他知道,困擾多年的暗疾,這次是真的好了。
徐誌友甚至隱隱覺得,那一股熱流還在經脈之中循環往返,令他苦修多年的內力都渾厚了幾分,不禁又驚又喜。
隻是,爺孫兩個四目相對,忽然都有些驚駭。
他們勤用家族龐大的力量,尋醫問藥多年,把國內外的名醫都看遍了,各種古藥新藥用遍,徐誌友的暗疾也餘毫沒有好轉。

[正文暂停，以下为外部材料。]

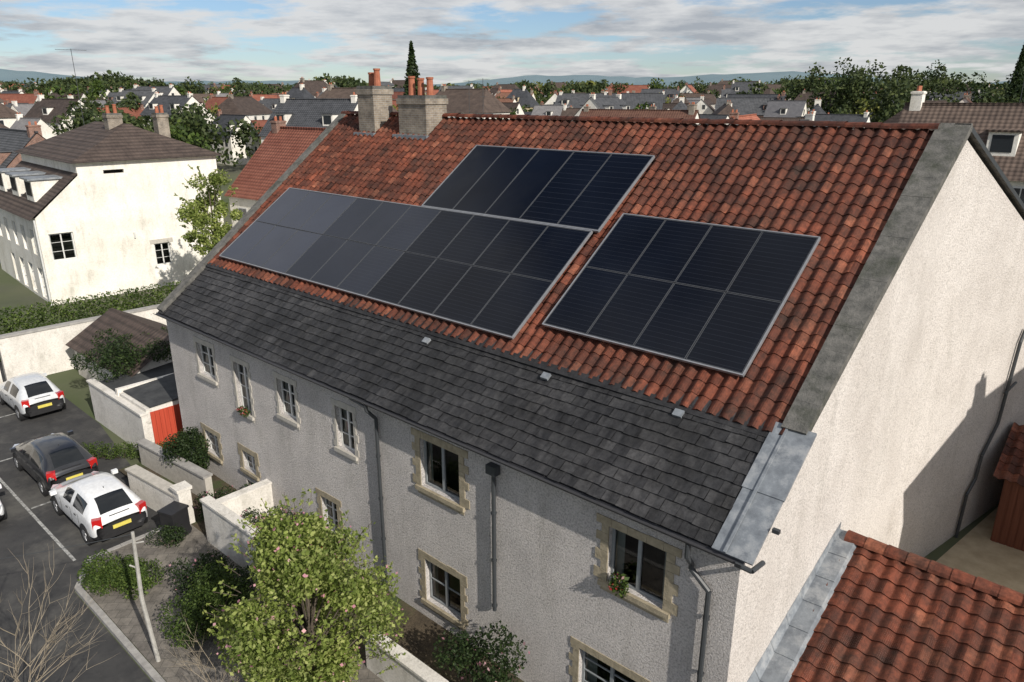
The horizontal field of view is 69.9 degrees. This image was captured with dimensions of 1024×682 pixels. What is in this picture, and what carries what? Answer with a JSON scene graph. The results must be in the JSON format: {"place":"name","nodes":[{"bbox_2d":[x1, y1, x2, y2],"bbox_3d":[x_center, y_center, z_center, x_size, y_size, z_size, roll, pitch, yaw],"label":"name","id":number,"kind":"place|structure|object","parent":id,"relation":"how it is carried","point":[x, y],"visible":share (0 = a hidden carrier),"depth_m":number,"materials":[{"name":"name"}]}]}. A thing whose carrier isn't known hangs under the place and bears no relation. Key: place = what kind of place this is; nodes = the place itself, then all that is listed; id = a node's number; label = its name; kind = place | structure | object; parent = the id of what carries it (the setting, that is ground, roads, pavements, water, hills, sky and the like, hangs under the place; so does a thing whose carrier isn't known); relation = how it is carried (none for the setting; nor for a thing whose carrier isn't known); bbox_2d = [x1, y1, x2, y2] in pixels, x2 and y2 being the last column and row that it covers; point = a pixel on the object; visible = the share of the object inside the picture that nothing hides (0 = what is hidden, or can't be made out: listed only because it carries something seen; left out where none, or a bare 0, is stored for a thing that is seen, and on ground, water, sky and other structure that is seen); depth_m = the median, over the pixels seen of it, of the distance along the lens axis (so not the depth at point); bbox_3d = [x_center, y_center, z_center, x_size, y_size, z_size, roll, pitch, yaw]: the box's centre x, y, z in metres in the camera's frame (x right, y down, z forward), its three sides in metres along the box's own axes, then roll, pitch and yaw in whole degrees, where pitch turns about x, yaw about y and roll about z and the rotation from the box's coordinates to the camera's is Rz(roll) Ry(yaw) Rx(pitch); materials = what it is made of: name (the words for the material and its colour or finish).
{"place":"outdoors","nodes":[
{"label":"outdoors","id":0,"kind":"place"},
{"bbox_2d":[0,359,160,681],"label":"road","id":1,"kind":"structure","parent":0,"point":[22,530],"depth_m":21.64,"materials":[{"name":"asphalt"}]},
{"bbox_2d":[0,372,65,420],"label":"parked car","id":2,"kind":"object","parent":1,"relation":"on","point":[26,396],"visible":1,"depth_m":31.75,"materials":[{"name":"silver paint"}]},
{"bbox_2d":[0,413,75,560],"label":"parking lines","id":3,"kind":"object","parent":1,"relation":"on","point":[54,538],"visible":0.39,"depth_m":24.46,"materials":[{"name":"paint"}]},
{"bbox_2d":[9,430,98,496],"bbox_3d":[-16.915,4.204,26.983,4.245,1.558,2.100,16,24,39],"label":"parked car","id":4,"kind":"object","parent":1,"relation":"on","point":[46,462],"visible":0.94,"depth_m":25.92,"materials":[{"name":"paint"}]},
{"bbox_2d":[0,543,118,681],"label":"bare shrub","id":5,"kind":"object","parent":1,"relation":"on","point":[41,663],"visible":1,"depth_m":15.14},
{"bbox_2d":[49,468,147,545],"bbox_3d":[-13.699,5.164,24.136,4.095,1.545,2.100,16,24,39],"label":"parked car","id":6,"kind":"object","parent":1,"relation":"on","point":[93,506],"visible":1,"depth_m":23.11,"materials":[{"name":"white paint"}]},
{"bbox_2d":[81,524,383,681],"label":"pavement","id":7,"kind":"structure","parent":0,"point":[125,615],"depth_m":19.60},
{"bbox_2d":[77,549,166,599],"bbox_3d":[-10.972,6.481,20.577,2.248,1.086,1.492,0,19,0],"label":"round bush","id":8,"kind":"object","parent":7,"relation":"on","point":[124,571],"visible":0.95,"depth_m":20.37,"materials":[{"name":"green plant"}]},
{"bbox_2d":[129,531,160,661],"bbox_3d":[-8.802,6.161,17.505,0.452,3.606,0.193,0,19,0],"label":"wooden post","id":9,"kind":"object","parent":7,"relation":"on","point":[147,620],"visible":1,"depth_m":17.49,"materials":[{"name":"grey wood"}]},
{"bbox_2d":[145,523,188,547],"bbox_3d":[-10.640,5.986,22.531,1.173,0.771,0.967,0,19,0],"label":"shrub","id":10,"kind":"object","parent":7,"relation":"on","point":[167,532],"visible":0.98,"depth_m":22.47,"materials":[{"name":"green plant"}]},
{"bbox_2d":[157,501,191,540],"bbox_3d":[-10.548,5.669,23.011,0.620,1.009,0.749,8,20,23],"label":"wheelie bin","id":11,"kind":"object","parent":7,"relation":"on","point":[173,513],"visible":0.8,"depth_m":22.79,"materials":[{"name":"plastic"}]},
{"bbox_2d":[166,549,234,594],"bbox_3d":[-8.680,6.495,20.590,1.449,1.174,1.948,8,20,24],"label":"garden shrub","id":12,"kind":"object","parent":7,"relation":"on","point":[203,561],"visible":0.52,"depth_m":20.33,"materials":[{"name":"green plant"}]},
{"bbox_2d":[156,562,250,648],"bbox_3d":[-7.862,6.706,18.728,2.174,1.823,1.977,-17,25,-42],"label":"dark bush","id":13,"kind":"object","parent":7,"relation":"on","point":[193,608],"visible":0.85,"depth_m":18.48,"materials":[{"name":"green plant"}]},
{"bbox_2d":[166,612,241,681],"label":"bare shrub","id":14,"kind":"object","parent":7,"relation":"on","point":[199,663],"visible":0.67,"depth_m":15.24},
{"bbox_2d":[210,565,262,612],"bbox_3d":[-7.420,6.666,19.890,1.506,1.165,1.864,0,19,0],"label":"dark bush","id":15,"kind":"object","parent":7,"relation":"on","point":[246,575],"visible":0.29,"depth_m":19.79,"materials":[{"name":"green plant"}]},
{"bbox_2d":[202,488,408,681],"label":"flowering tree","id":16,"kind":"object","parent":7,"relation":"on","point":[294,576],"visible":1,"depth_m":14.59,"materials":[{"name":"green plant"}]},
{"bbox_2d":[119,457,523,681],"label":"garden ground","id":17,"kind":"structure","parent":0,"point":[422,632],"depth_m":18.94,"materials":[{"name":"soil"}]},
{"bbox_2d":[125,465,175,511],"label":"stone garden wall","id":18,"kind":"structure","parent":17,"relation":"on","point":[154,491],"depth_m":24.64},
{"bbox_2d":[136,438,213,496],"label":"stone garden wall","id":19,"kind":"structure","parent":17,"relation":"on","point":[197,478],"depth_m":26.04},
{"bbox_2d":[160,426,210,469],"bbox_3d":[-11.583,4.071,26.389,1.690,1.964,1.898,0,19,0],"label":"climbing shrub","id":20,"kind":"object","parent":17,"relation":"on","point":[187,443],"visible":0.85,"depth_m":26.07,"materials":[{"name":"green plant"}]},
{"bbox_2d":[194,483,254,520],"bbox_3d":[-9.295,5.215,24.131,2.230,1.231,1.901,-6,20,-18],"label":"flower border","id":21,"kind":"object","parent":17,"relation":"on","point":[225,492],"visible":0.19,"depth_m":24.26,"materials":[{"name":"green plant"}]},
{"bbox_2d":[199,495,276,592],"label":"garden wall","id":22,"kind":"structure","parent":17,"relation":"on","point":[222,525],"depth_m":21.76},
{"bbox_2d":[216,479,274,523],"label":"garden wall","id":23,"kind":"structure","parent":17,"relation":"on","point":[239,502],"depth_m":23.50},
{"bbox_2d":[240,504,308,529],"bbox_3d":[-7.098,5.761,22.514,2.348,1.225,2.530,-7,20,-20],"label":"flower border","id":24,"kind":"object","parent":17,"relation":"on","point":[256,513],"visible":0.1,"depth_m":22.84,"materials":[{"name":"green plant"}]},
{"bbox_2d":[362,626,448,681],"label":"garden wall","id":25,"kind":"structure","parent":17,"relation":"on","point":[411,668],"depth_m":16.80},
{"bbox_2d":[432,620,529,681],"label":"garden shrub","id":26,"kind":"object","parent":17,"relation":"on","point":[467,649],"visible":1,"depth_m":16.38,"materials":[{"name":"green plant"}]},
{"bbox_2d":[0,163,998,681],"bbox_3d":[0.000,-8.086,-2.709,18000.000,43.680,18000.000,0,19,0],"label":"ground","id":27,"kind":"structure","parent":0,"point":[72,383],"depth_m":37.41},
{"bbox_2d":[0,103,24,127],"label":"town house","id":28,"kind":"structure","parent":27,"relation":"on","point":[7,117],"depth_m":137.37,"materials":[{"name":"paint"}]},
{"bbox_2d":[0,89,38,104],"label":"town house","id":29,"kind":"structure","parent":27,"relation":"on","point":[26,98],"depth_m":194.79,"materials":[{"name":"tile"}]},
{"bbox_2d":[10,100,33,115],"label":"town house","id":30,"kind":"structure","parent":27,"relation":"on","point":[23,109],"depth_m":159.02,"materials":[{"name":"ceramic"}]},
{"bbox_2d":[0,121,45,167],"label":"town house","id":31,"kind":"structure","parent":27,"relation":"on","point":[11,140],"depth_m":65.69,"materials":[{"name":"red brick"}]},
{"bbox_2d":[9,112,56,138],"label":"town house","id":32,"kind":"structure","parent":27,"relation":"on","point":[20,122],"depth_m":123.18,"materials":[{"name":"paint"}]},
{"bbox_2d":[24,93,102,133],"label":"town house","id":33,"kind":"structure","parent":27,"relation":"on","point":[45,110],"depth_m":137.65,"materials":[{"name":"tile"}]},
{"bbox_2d":[0,304,166,380],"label":"boundary wall","id":34,"kind":"structure","parent":27,"relation":"on","point":[45,349],"depth_m":36.45,"materials":[{"name":"paint"}]},
{"bbox_2d":[0,281,179,360],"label":"clipped hedge","id":35,"kind":"object","parent":27,"relation":"on","point":[83,306],"visible":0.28,"depth_m":40.44,"materials":[{"name":"green plant"}]},
{"bbox_2d":[0,154,223,304],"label":"walls","id":36,"kind":"structure","parent":27,"relation":"on","point":[102,211],"depth_m":51.02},
{"bbox_2d":[0,167,192,297],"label":"windows","id":37,"kind":"structure","parent":36,"relation":"attached to","point":[35,186],"depth_m":49.81,"materials":[{"name":"white glass"}]},
{"bbox_2d":[0,121,221,220],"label":"roof","id":38,"kind":"structure","parent":36,"relation":"on","point":[94,142],"depth_m":51.73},
{"bbox_2d":[102,104,170,137],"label":"chimneys","id":39,"kind":"object","parent":38,"relation":"on","point":[160,122],"visible":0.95,"depth_m":53.78,"materials":[{"name":"brick"}]},
{"bbox_2d":[33,205,188,305],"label":"trim","id":40,"kind":"structure","parent":36,"relation":"attached to","point":[163,240],"depth_m":48.40,"materials":[{"name":"paint"}]},
{"bbox_2d":[65,308,172,380],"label":"slate outbuilding","id":41,"kind":"structure","parent":27,"relation":"on","point":[123,322],"depth_m":35.22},
{"bbox_2d":[69,326,171,382],"bbox_3d":[-17.288,0.560,32.895,4.780,1.696,4.870,0,19,0],"label":"ivy thicket","id":42,"kind":"object","parent":41,"relation":"on","point":[115,352],"visible":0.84,"depth_m":32.31,"materials":[{"name":"green plant"}]},
{"bbox_2d":[74,527,165,681],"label":"kerb","id":43,"kind":"structure","parent":27,"relation":"on","point":[143,663],"depth_m":19.17,"materials":[{"name":"concrete"}]},
{"bbox_2d":[79,441,180,459],"bbox_3d":[-14.933,4.211,28.262,5.770,0.719,0.938,0,19,0],"label":"hedge","id":44,"kind":"object","parent":27,"relation":"on","point":[117,454],"visible":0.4,"depth_m":28.15,"materials":[{"name":"green plant"}]},
{"bbox_2d":[111,87,157,108],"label":"town house","id":45,"kind":"structure","parent":27,"relation":"on","point":[146,97],"depth_m":190.03,"materials":[{"name":"tile"}]},
{"bbox_2d":[86,362,183,448],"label":"flat roof shed","id":46,"kind":"structure","parent":27,"relation":"on","point":[137,407],"depth_m":29.34,"materials":[{"name":"paint"}]},
{"bbox_2d":[62,92,229,164],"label":"woodland trees","id":47,"kind":"object","parent":27,"relation":"on","point":[201,127],"visible":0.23,"depth_m":119.07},
{"bbox_2d":[132,84,180,94],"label":"town house","id":48,"kind":"structure","parent":27,"relation":"on","point":[170,89],"depth_m":206.62,"materials":[{"name":"tile"}]},
{"bbox_2d":[140,92,211,138],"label":"town house","id":49,"kind":"structure","parent":27,"relation":"on","point":[168,102],"depth_m":136.11,"materials":[{"name":"tile"}]},
{"bbox_2d":[169,481,194,523],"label":"gate pier","id":50,"kind":"structure","parent":27,"relation":"on","point":[181,492],"depth_m":23.47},
{"bbox_2d":[174,164,243,255],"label":"young tree","id":51,"kind":"object","parent":27,"relation":"on","point":[202,217],"visible":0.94,"depth_m":44.50,"materials":[{"name":"green plant"}]},
{"bbox_2d":[206,109,250,164],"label":"town house","id":52,"kind":"structure","parent":27,"relation":"on","point":[224,120],"depth_m":128.63,"materials":[{"name":"stone"}]},
{"bbox_2d":[212,93,272,120],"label":"town house","id":53,"kind":"structure","parent":27,"relation":"on","point":[250,107],"depth_m":146.81,"materials":[{"name":"tile"}]},
{"bbox_2d":[245,120,266,162],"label":"town house","id":54,"kind":"structure","parent":27,"relation":"on","point":[259,123],"depth_m":119.08,"materials":[{"name":"tile"}]},
{"bbox_2d":[224,116,325,226],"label":"town house","id":55,"kind":"structure","parent":27,"relation":"on","point":[282,148],"depth_m":54.81,"materials":[{"name":"tile"}]},
{"bbox_2d":[287,83,314,97],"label":"town house","id":56,"kind":"structure","parent":27,"relation":"on","point":[301,91],"depth_m":186.45,"materials":[{"name":"tile"}]},
{"bbox_2d":[286,77,327,96],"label":"town house","id":57,"kind":"structure","parent":27,"relation":"on","point":[312,87],"depth_m":204.59,"materials":[{"name":"tile"}]},
{"bbox_2d":[258,92,357,143],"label":"town house","id":58,"kind":"structure","parent":27,"relation":"on","point":[312,112],"depth_m":82.77,"materials":[{"name":"tile"}]},
{"bbox_2d":[318,83,397,111],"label":"town house","id":59,"kind":"structure","parent":27,"relation":"on","point":[331,91],"depth_m":127.84,"materials":[{"name":"tile"}]},
{"bbox_2d":[34,91,698,147],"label":"town trees","id":60,"kind":"object","parent":27,"relation":"on","point":[176,135],"visible":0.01,"depth_m":109.98,"materials":[{"name":"green plant"}]},
{"bbox_2d":[403,40,419,94],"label":"conifer tree","id":61,"kind":"object","parent":27,"relation":"on","point":[412,68],"visible":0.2,"depth_m":137.34,"materials":[{"name":"green plant"}]},
{"bbox_2d":[3,77,873,99],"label":"woodland trees","id":62,"kind":"object","parent":27,"relation":"on","point":[90,94],"visible":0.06,"depth_m":237.50,"materials":[{"name":"green plant"}]},
{"bbox_2d":[166,317,739,681],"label":"front wall","id":63,"kind":"structure","parent":27,"relation":"on","point":[552,596],"depth_m":17.40,"materials":[{"name":"paint"}]},
{"bbox_2d":[200,344,354,529],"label":"white windows","id":64,"kind":"structure","parent":63,"relation":"attached to","point":[346,422],"depth_m":22.48,"materials":[{"name":"clear glass"}]},
{"bbox_2d":[237,405,629,598],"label":"window plants","id":65,"kind":"object","parent":63,"relation":"attached to","point":[623,585],"depth_m":14.42,"materials":[{"name":"green plant"}]},
{"bbox_2d":[192,336,681,681],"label":"stone surrounds","id":66,"kind":"object","parent":63,"relation":"attached to","point":[667,610],"visible":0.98,"depth_m":17.87,"materials":[{"name":"stone"}]},
{"bbox_2d":[153,312,743,567],"bbox_3d":[-4.411,1.398,19.313,22.300,0.180,0.363,16,24,39],"label":"gutter","id":67,"kind":"object","parent":63,"relation":"on","point":[624,513],"visible":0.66,"depth_m":15.64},
{"bbox_2d":[424,440,666,681],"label":"grey windows","id":68,"kind":"structure","parent":63,"relation":"attached to","point":[641,564],"depth_m":16.08,"materials":[{"name":"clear glass"}]},
{"bbox_2d":[435,84,511,118],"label":"town house","id":69,"kind":"structure","parent":27,"relation":"on","point":[479,100],"depth_m":126.93,"materials":[{"name":"tile"}]},
{"bbox_2d":[7,86,981,166],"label":"town trees","id":70,"kind":"object","parent":27,"relation":"on","point":[243,133],"visible":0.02,"depth_m":116.90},
{"bbox_2d":[0,76,1005,97],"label":"woodland trees","id":71,"kind":"object","parent":27,"relation":"on","point":[238,88],"visible":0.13,"depth_m":270.73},
{"bbox_2d":[0,70,1008,102],"bbox_3d":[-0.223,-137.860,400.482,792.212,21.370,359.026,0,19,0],"label":"distant trees","id":72,"kind":"object","parent":27,"relation":"on","point":[115,80],"visible":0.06,"depth_m":330.82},
{"bbox_2d":[506,85,538,110],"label":"town house","id":73,"kind":"structure","parent":27,"relation":"on","point":[523,96],"depth_m":229.00,"materials":[{"name":"tile"}]},
{"bbox_2d":[94,87,992,119],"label":"town trees","id":74,"kind":"object","parent":27,"relation":"on","point":[861,111],"visible":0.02,"depth_m":142.51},
{"bbox_2d":[531,105,570,119],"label":"town house","id":75,"kind":"structure","parent":27,"relation":"on","point":[549,110],"depth_m":169.61,"materials":[{"name":"tile"}]},
{"bbox_2d":[554,91,607,107],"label":"town house","id":76,"kind":"structure","parent":27,"relation":"on","point":[575,100],"depth_m":182.43,"materials":[{"name":"tile"}]},
{"bbox_2d":[574,92,629,115],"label":"town house","id":77,"kind":"structure","parent":27,"relation":"on","point":[594,101],"depth_m":128.53,"materials":[{"name":"tile"}]},
{"bbox_2d":[607,83,650,92],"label":"town house","id":78,"kind":"structure","parent":27,"relation":"on","point":[636,88],"depth_m":299.41,"materials":[{"name":"tile"}]},
{"bbox_2d":[607,88,662,109],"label":"town house","id":79,"kind":"structure","parent":27,"relation":"on","point":[632,100],"depth_m":168.74,"materials":[{"name":"tile"}]},
{"bbox_2d":[578,102,699,125],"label":"town house","id":80,"kind":"structure","parent":27,"relation":"on","point":[692,112],"depth_m":110.35,"materials":[{"name":"tile"}]},
{"bbox_2d":[641,86,679,102],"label":"town house","id":81,"kind":"structure","parent":27,"relation":"on","point":[671,93],"depth_m":258.17,"materials":[{"name":"tile"}]},
{"bbox_2d":[349,330,1023,681],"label":"downpipes","id":82,"kind":"object","parent":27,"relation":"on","point":[492,469],"visible":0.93,"depth_m":17.00,"materials":[{"name":"metal"}]},
{"bbox_2d":[697,95,715,113],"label":"town house","id":83,"kind":"structure","parent":27,"relation":"on","point":[705,106],"depth_m":186.79,"materials":[{"name":"paint"}]},
{"bbox_2d":[726,110,759,126],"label":"town house","id":84,"kind":"structure","parent":27,"relation":"on","point":[734,115],"depth_m":78.82,"materials":[{"name":"tile"}]},
{"bbox_2d":[730,80,760,93],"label":"town house","id":85,"kind":"structure","parent":27,"relation":"on","point":[736,87],"depth_m":243.60,"materials":[{"name":"tile"}]},
{"bbox_2d":[715,94,781,116],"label":"town house","id":86,"kind":"structure","parent":27,"relation":"on","point":[747,106],"depth_m":180.25,"materials":[{"name":"tile"}]},
{"bbox_2d":[727,91,786,99],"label":"town house","id":87,"kind":"structure","parent":27,"relation":"on","point":[783,95],"depth_m":211.83,"materials":[{"name":"grey brick"}]},
{"bbox_2d":[763,100,807,116],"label":"town house","id":88,"kind":"structure","parent":27,"relation":"on","point":[784,108],"depth_m":152.05,"materials":[{"name":"tile"}]},
{"bbox_2d":[811,109,870,129],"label":"town house","id":89,"kind":"structure","parent":27,"relation":"on","point":[865,117],"depth_m":102.57,"materials":[{"name":"tile"}]},
{"bbox_2d":[727,140,1023,681],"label":"gable wall","id":90,"kind":"structure","parent":27,"relation":"on","point":[905,423],"depth_m":18.30,"materials":[{"name":"paint"}]},
{"bbox_2d":[747,523,1023,681],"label":"tiled extension","id":91,"kind":"object","parent":27,"relation":"on","point":[865,609],"visible":1,"depth_m":14.52,"materials":[{"name":"tile"}]},
{"bbox_2d":[778,57,1021,121],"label":"woodland trees","id":92,"kind":"object","parent":27,"relation":"on","point":[855,86],"visible":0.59,"depth_m":155.43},
{"bbox_2d":[827,60,1023,102],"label":"woodland trees","id":93,"kind":"object","parent":27,"relation":"on","point":[977,94],"visible":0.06,"depth_m":151.65,"materials":[{"name":"green plant"}]},
{"bbox_2d":[898,86,1023,202],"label":"town house","id":94,"kind":"structure","parent":27,"relation":"on","point":[999,128],"depth_m":55.24,"materials":[{"name":"tile"}]},
{"bbox_2d":[1005,51,1023,102],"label":"conifer tree","id":95,"kind":"object","parent":27,"relation":"on","point":[1020,63],"visible":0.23,"depth_m":150.20,"materials":[{"name":"green plant"}]},
{"bbox_2d":[0,69,1010,86],"bbox_3d":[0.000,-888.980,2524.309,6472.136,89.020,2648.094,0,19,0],"label":"hills","id":96,"kind":"structure","parent":0,"point":[22,76],"depth_m":2605.77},
{"bbox_2d":[0,0,1023,83],"label":"sky","id":97,"kind":"structure","parent":0,"point":[454,41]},
{"bbox_2d":[936,507,1023,593],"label":"patio","id":98,"kind":"structure","parent":0,"point":[976,551],"depth_m":22.16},
{"bbox_2d":[990,422,1023,550],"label":"brown shed","id":99,"kind":"structure","parent":98,"relation":"on","point":[1008,528],"depth_m":22.54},
{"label":"rear walls","id":100,"kind":"object","parent":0,"visible":0},
{"bbox_2d":[171,119,1023,543],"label":"roof deck","id":101,"kind":"structure","parent":100,"relation":"on","point":[559,299],"depth_m":18.45,"materials":[{"name":"wood"}]},
{"bbox_2d":[353,68,447,142],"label":"chimneys","id":102,"kind":"object","parent":101,"relation":"on","point":[421,113],"visible":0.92,"depth_m":27.75,"materials":[{"name":"brick"}]},
{"bbox_2d":[158,266,765,545],"bbox_3d":[-3.950,0.209,20.030,21.880,1.652,2.379,16,24,39],"label":"slate band","id":103,"kind":"object","parent":101,"relation":"on","point":[330,355],"visible":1,"depth_m":16.57,"materials":[{"name":"stone"}]},
{"bbox_2d":[206,263,816,565],"bbox_3d":[-3.604,0.333,19.656,22.320,1.623,2.312,16,24,39],"label":"lead flashing","id":104,"kind":"object","parent":103,"relation":"on","point":[770,479],"visible":1,"depth_m":13.11,"materials":[{"name":"grey lead"}]},
{"bbox_2d":[208,114,933,434],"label":"pantile roof","id":105,"kind":"structure","parent":101,"relation":"on","point":[843,255],"depth_m":18.16,"materials":[{"name":"tile"}]},
{"bbox_2d":[219,187,592,338],"bbox_3d":[-4.309,-3.001,23.130,14.440,2.249,3.219,16,24,39],"label":"solar panel array","id":106,"kind":"object","parent":105,"relation":"on","point":[499,276],"visible":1,"depth_m":21.75,"materials":[{"name":"black glass"}]},
{"bbox_2d":[421,145,654,232],"bbox_3d":[0.541,-4.755,22.072,6.970,1.840,2.626,16,24,39],"label":"solar panel array","id":107,"kind":"object","parent":105,"relation":"on","point":[587,190],"visible":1,"depth_m":21.70,"materials":[{"name":"black glass"}]},
{"bbox_2d":[341,111,939,128],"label":"ridge tiles","id":108,"kind":"object","parent":105,"relation":"on","point":[801,123],"visible":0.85,"depth_m":20.54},
{"bbox_2d":[542,213,820,376],"bbox_3d":[3.756,-1.327,16.899,5.150,2.351,3.367,16,24,39],"label":"solar panel array","id":109,"kind":"object","parent":105,"relation":"on","point":[710,296],"visible":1,"depth_m":16.61,"materials":[{"name":"black glass"}]},
{"bbox_2d":[157,111,1023,434],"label":"verge coping","id":110,"kind":"object","parent":101,"relation":"on","point":[927,179],"visible":0.96,"depth_m":15.36,"materials":[{"name":"concrete"}]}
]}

李炫卻隻用幾分鍾的時間,“隨便”在身上按了幾下,就治好了!
這種手段,聞所未聞,見所未見,匪夷所思!
濟生堂的藥師們也都看傻了,他們見過醫生治病,但如此治病的方式,還都是第一次見。
這時候,李炫攤開手道:“我的藥,能抓了嗎?”
“你就那麽想死?”徐曼惱道,“別開玩笑了,沒聽藥師說嗎,你那服藥不能治病,隻能自殺!”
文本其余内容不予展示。